An income statement, the profit and loss statement that finance teams call a P&L, tells you whether a company made money over a period and where the money went. Analysts read it constantly and almost never as structured data. A lender sizing a $3,000,000 working-capital line, an investor building a quarterly model, and a controller closing the books all begin with a PDF: a statement out of QuickBooks, a page of an audited 10-K, or a management report. The line items they extract are predictable: Revenue, Cost of Goods Sold, Gross Profit, operating expenses broken into Selling, General and Administrative, Depreciation, Operating Income, Interest Expense, taxes, and Net Income at the bottom. What complicates extraction is that the statement is a cascade of subtotals, and the labels move.
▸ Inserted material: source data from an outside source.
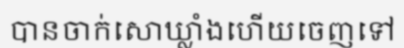
បានចាក់សោឃ្លាំងហើយចេញទៅ
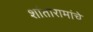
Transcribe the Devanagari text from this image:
शांतारामांचे
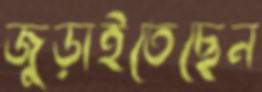
জুড়াইতেছেন
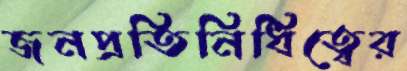
জনপ্রতিনিধিত্বের
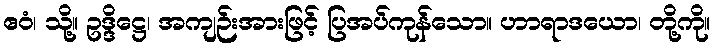
ဧဝံ၊ သို့။ ဥဒ္ဒိဋ္ဌေ၊ အကျဉ်းအားဖြင့် ပြအပ်ကုန်သော။ ဟာရာဒယော၊ တို့ကို။
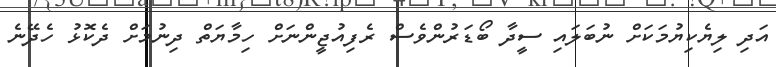
އަދި ލިޔެކިޔުމަކަށް ނުބަލައި ސީދާ ބޯޑަރުންވެސް ރެފިއުޖީންނަށް ހިމާޔަތް ދިނުމަށް ދެކޮޅު ހެދޭނެ
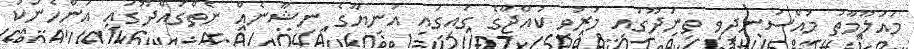
މައުލޫމާތު މުއްސަނދިވި ތިނަދޫގައި މަރުވި ކުއްޖާގެ ގައިގައި އަނިޔާގެ ނިޝާނެއް ނެތްގައްދޫގައި އަންހެނަކު
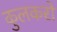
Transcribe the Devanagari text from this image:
कुलकरों
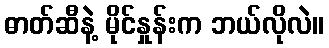
ဓာတ်ဆီနဲ့ မိုင်နှုန်းက ဘယ်လိုလဲ။
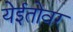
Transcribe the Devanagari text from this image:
येईतोवर
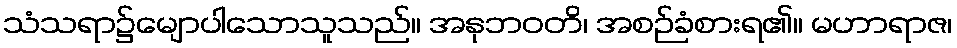
သံသရာ၌မျောပါသောသူသည်။ အနုဘဝတိ၊ အစဉ်ခံစားရ၏။ မဟာရာဇ၊
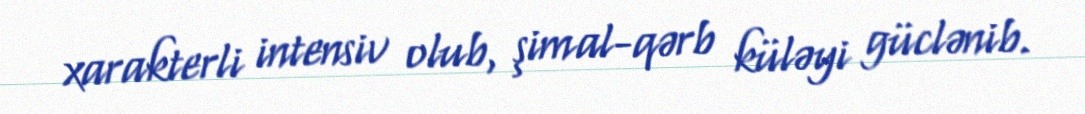
xarakterli intensiv olub, şimal-qərb küləyi güclənib.
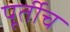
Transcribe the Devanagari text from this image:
पूर्तीच
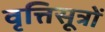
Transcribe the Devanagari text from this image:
वृत्तिसूत्रों
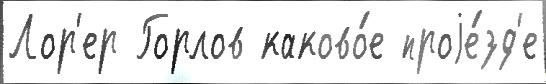
Лор'ер Горлов каково́е проjе́зд'е
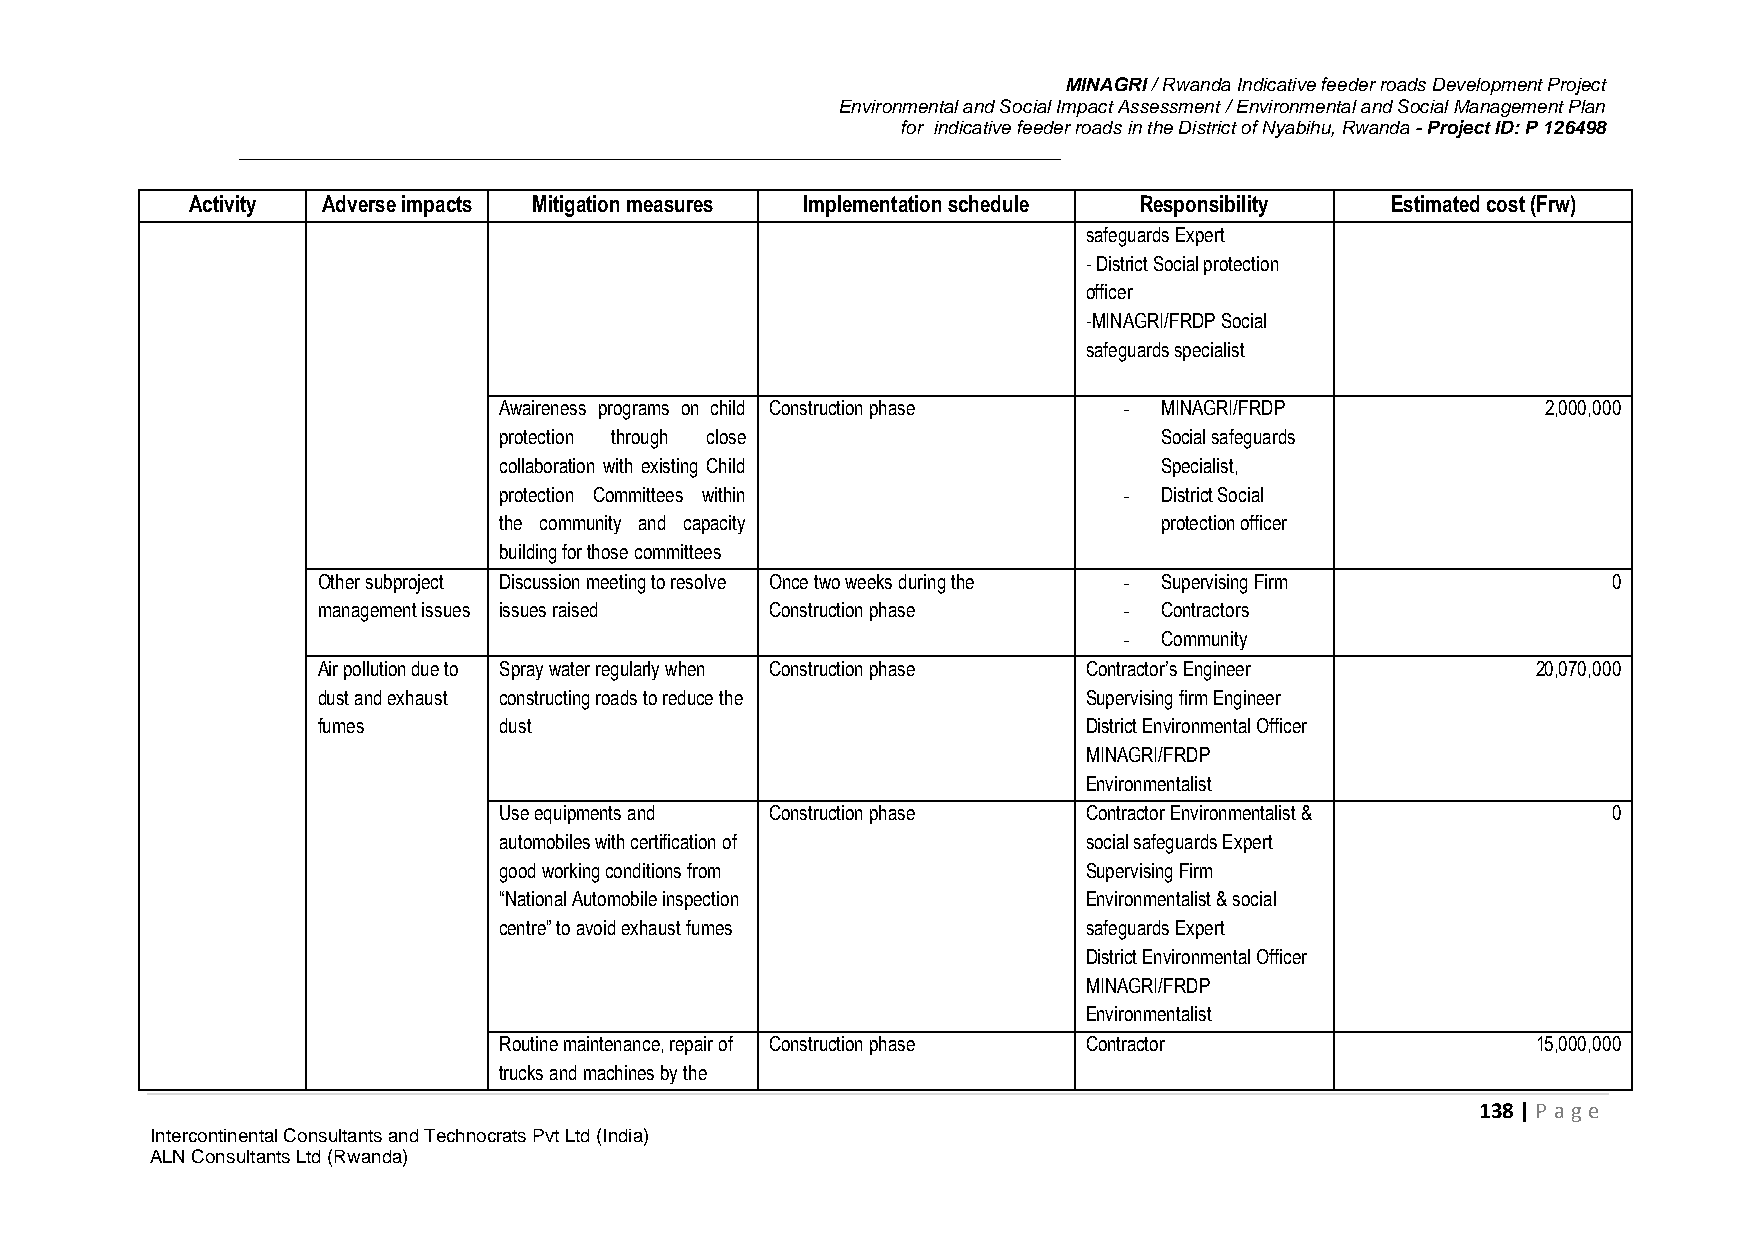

Revenue minus Cost of Goods Sold yields Gross Profit; Gross Profit minus operating expenses yields Operating Income; and each subtotal depends on the lines above it. Comparative statements stack the current quarter against the prior-year quarter, sometimes with a year-to-date column beside both, so 2026-03-31 three-month and twelve-month figures sit in the same table. Negative values for expenses or losses are shown in parentheses. One company calls the top line Revenue, another Net Sales, a third Total Income, and the same SG&A bucket might be split into a dozen departmental lines. Talonic reads the income statement and returns each line with its label, amount, and period, with the subtotal cascade preserved. Gross Profit, Operating Income, and Net Income are kept as computed subtotals so an analyst can verify the margin stack without retyping a single figure from the page.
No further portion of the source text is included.